This view also recalls Deleuze’s (1992) notion of the “dividual”, highlighting contemporary technologies’ capacities to fragment subjective wholeness into manageable data points and patterns. AI represents an advanced realisation of dividuality - operating without unified subjective experience yet producing functionally meaningful outcomes traditionally associated with consciousness. These systems exemplify how functional meaning-making can occur without a unified subjective consciousness, relying instead on distributed statistical processes.
Critics inspired by Ruyer might respond that despite functional equivalence, AI still lacks genuine “meaning” or “understanding,” arguing that subjective phenomenological experience - “what it is like” to understand - is fundamentally absent. In their view, AI merely simulates meaning, never truly achieving it without consciousness. Patterns remain patterns, never genuinely becoming forms in Ruyer’s original sense.

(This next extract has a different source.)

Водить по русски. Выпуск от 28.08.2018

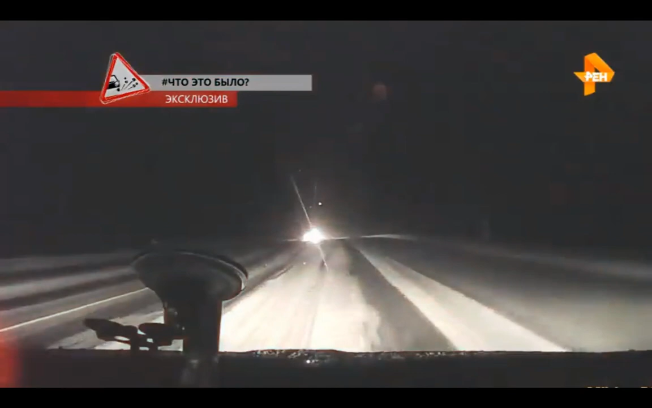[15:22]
Московская область Седан в заносе Протаранил навстречке машину телезрителя Алексея Что это было? Виновник аварии уснул за рулем И пострадал больше всех Получил тяжелые травмы
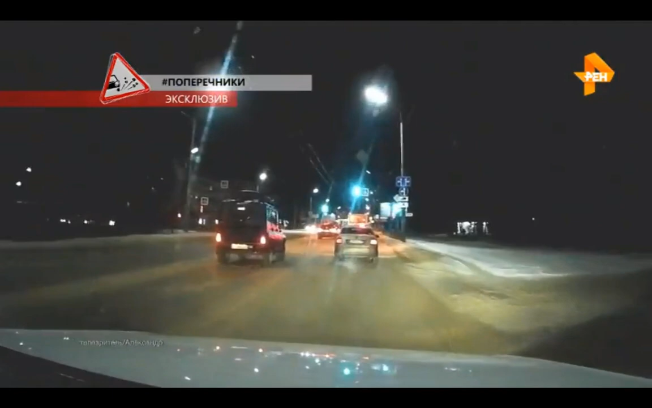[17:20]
Видео от телезрителя Александра Из города Орел Седан повернул И получил вбок От помехи справа Удар развернул его И тот уперся кормой В попутку на светофоре Кто виноват? Смотрим повтор И видим Помеха справа Двигалась на красный

This objection implicitly commits what we might term the “privileging of process” fallacy: it presupposes that a specific subjective process (conscious experience) is necessary for a particular function, even when functional equivalence demonstrates otherwise.
A more nuanced perspective, following Simondon, would acknowledge that meaning can emerge via different processes within different systems. For humans, meaning emerges through embodied, phenomenologically rich experiences shaped by culture and environment. For artificial systems, meaning emerges through intricate probabilistic and statistical relations developed during training. These are distinct but functionally comparable processes - different routes toward similar outcomes.

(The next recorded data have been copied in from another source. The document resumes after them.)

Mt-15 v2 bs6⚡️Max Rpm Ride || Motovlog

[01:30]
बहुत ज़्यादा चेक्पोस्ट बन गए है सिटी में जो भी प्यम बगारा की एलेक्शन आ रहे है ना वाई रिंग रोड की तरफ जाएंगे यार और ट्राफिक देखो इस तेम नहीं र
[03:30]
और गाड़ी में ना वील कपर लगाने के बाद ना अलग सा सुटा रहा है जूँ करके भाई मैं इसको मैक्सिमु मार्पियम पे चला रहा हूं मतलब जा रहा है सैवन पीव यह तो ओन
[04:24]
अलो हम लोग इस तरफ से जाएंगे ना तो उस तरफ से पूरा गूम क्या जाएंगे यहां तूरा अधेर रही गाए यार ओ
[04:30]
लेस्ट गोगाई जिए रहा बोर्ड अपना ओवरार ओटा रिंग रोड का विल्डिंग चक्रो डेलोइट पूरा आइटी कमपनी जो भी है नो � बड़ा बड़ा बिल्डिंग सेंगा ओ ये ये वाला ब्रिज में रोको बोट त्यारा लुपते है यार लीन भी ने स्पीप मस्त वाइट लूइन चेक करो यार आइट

Recognising such functional equivalence across fundamentally divergent meta-informational architectures does not diminish human consciousness; instead, it contextualises consciousness as one unique mode of knowing among others. Human consciousness, with its phenomenological depth, remains distinctive and valuable. However, certain cognitive functions traditionally associated exclusively with consciousness clearly can be achieved through alternative, non-conscious meta-informational architectures.
The implication is that the crucial factor for many cognitive functions is not the internal subjective experience (consciousness) but rather the underlying meta-informational architecture enabling functional success. Just as flight can be achieved by biological adaptations (birds with feathers and hollow bones) or technological innovations (aircraft wings and engines), transforming patterns into meaningful forms similarly can be achieved by multiple architectures - conscious or non-conscious.
Accepting this functional perspective compels us to reconsider what it means “to know”. Knowledge becomes less tied exclusively to internal subjective states and more defined by functional capacities to engage effectively and contextually with information.
This redefinition has significant implications for epistemology, particularly at a time increasingly populated by diverse cognitive systems, both human and artificial. Instead of strictly requiring subjective experience as a necessary epistemic ground, knowledge now might productively accommodate diverse, functionally effective ways of knowing.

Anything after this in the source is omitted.